## Your assignment
Copy every line that holds the string "personas" from the data below.

Data items:
--- START ---
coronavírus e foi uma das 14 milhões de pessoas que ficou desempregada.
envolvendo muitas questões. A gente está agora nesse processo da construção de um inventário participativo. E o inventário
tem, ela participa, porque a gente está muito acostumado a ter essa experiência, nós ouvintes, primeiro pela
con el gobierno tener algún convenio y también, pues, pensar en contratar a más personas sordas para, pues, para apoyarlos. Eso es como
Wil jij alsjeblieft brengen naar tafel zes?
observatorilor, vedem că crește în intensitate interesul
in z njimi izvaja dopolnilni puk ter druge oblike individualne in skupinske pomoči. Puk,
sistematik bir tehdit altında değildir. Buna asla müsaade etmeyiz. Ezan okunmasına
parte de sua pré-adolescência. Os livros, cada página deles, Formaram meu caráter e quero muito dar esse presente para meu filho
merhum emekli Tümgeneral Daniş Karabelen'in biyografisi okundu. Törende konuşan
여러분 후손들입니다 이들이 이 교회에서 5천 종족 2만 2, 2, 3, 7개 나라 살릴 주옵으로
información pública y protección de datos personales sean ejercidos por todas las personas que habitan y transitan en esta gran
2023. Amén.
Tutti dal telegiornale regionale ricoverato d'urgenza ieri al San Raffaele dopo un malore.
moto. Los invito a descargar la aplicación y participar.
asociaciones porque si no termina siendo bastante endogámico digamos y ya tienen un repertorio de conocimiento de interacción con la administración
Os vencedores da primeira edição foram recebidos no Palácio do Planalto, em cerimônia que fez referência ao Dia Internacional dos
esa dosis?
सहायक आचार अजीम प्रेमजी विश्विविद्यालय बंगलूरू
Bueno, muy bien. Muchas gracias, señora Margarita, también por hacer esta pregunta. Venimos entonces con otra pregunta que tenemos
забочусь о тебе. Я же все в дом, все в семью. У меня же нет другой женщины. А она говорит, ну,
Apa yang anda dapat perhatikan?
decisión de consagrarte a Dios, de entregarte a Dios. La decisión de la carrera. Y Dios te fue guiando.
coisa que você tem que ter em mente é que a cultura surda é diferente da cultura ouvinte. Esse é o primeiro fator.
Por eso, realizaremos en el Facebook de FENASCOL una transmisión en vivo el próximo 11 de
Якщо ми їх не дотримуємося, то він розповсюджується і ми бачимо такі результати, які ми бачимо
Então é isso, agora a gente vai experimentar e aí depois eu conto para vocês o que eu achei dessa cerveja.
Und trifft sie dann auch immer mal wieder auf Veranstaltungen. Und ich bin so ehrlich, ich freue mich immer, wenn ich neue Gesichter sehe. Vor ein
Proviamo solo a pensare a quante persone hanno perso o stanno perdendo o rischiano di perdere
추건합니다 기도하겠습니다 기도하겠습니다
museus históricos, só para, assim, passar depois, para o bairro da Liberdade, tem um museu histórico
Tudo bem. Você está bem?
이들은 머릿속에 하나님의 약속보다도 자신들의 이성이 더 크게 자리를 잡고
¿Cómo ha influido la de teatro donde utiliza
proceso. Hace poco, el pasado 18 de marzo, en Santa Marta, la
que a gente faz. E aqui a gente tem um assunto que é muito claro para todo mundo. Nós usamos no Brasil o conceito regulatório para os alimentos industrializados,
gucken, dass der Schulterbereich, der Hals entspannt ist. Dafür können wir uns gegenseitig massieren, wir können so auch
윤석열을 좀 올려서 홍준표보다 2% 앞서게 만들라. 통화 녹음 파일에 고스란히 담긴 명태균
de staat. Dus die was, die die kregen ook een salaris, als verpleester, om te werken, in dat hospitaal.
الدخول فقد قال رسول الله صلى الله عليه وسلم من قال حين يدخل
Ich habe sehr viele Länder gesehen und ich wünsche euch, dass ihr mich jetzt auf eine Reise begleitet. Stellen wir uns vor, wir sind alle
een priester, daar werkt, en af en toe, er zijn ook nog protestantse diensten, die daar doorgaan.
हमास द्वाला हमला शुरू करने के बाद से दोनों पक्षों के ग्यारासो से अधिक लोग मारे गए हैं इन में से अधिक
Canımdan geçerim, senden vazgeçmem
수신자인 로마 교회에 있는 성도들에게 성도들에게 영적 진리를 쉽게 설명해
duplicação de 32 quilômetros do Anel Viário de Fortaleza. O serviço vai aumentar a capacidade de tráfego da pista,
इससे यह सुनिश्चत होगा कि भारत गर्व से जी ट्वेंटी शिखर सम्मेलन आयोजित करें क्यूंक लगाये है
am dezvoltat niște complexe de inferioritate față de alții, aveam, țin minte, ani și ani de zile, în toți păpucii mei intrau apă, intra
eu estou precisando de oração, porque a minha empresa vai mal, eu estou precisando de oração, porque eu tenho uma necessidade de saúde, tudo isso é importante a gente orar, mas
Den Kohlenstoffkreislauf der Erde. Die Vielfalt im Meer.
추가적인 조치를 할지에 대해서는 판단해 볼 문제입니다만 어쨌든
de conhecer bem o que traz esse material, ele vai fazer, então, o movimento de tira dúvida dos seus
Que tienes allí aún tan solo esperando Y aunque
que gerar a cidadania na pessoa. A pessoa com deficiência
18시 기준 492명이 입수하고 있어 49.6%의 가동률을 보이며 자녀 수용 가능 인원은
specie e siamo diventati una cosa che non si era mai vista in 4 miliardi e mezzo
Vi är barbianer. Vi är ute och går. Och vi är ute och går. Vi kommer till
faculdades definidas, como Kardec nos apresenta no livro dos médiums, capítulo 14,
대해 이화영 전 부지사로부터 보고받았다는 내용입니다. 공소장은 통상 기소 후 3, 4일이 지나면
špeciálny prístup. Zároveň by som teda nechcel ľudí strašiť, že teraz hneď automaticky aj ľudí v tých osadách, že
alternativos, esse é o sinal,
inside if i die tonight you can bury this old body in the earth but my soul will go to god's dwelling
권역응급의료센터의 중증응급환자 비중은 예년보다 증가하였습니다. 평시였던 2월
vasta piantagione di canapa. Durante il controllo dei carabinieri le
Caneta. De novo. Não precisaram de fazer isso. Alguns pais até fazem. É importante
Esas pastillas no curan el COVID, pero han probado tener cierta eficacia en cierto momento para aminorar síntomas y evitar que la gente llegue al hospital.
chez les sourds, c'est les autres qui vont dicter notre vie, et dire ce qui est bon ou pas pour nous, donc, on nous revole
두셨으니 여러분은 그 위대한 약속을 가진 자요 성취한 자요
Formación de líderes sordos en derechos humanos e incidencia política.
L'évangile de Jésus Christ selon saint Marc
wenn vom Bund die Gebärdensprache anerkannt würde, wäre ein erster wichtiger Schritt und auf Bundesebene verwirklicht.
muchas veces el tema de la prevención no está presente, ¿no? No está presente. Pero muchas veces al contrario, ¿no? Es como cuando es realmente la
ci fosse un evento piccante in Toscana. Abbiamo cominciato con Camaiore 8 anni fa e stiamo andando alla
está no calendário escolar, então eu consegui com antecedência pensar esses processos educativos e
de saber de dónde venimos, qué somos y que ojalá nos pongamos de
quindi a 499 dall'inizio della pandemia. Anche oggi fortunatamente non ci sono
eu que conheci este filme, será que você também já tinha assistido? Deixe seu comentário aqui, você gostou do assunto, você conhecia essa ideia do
--- END ---
## Solution
con el gobierno tener algún convenio y también, pues, pensar en contratar a más personas sordas para, pues, para apoyarlos. Eso es como
información pública y protección de datos personales sean ejercidos por todas las personas que habitan y transitan en esta gran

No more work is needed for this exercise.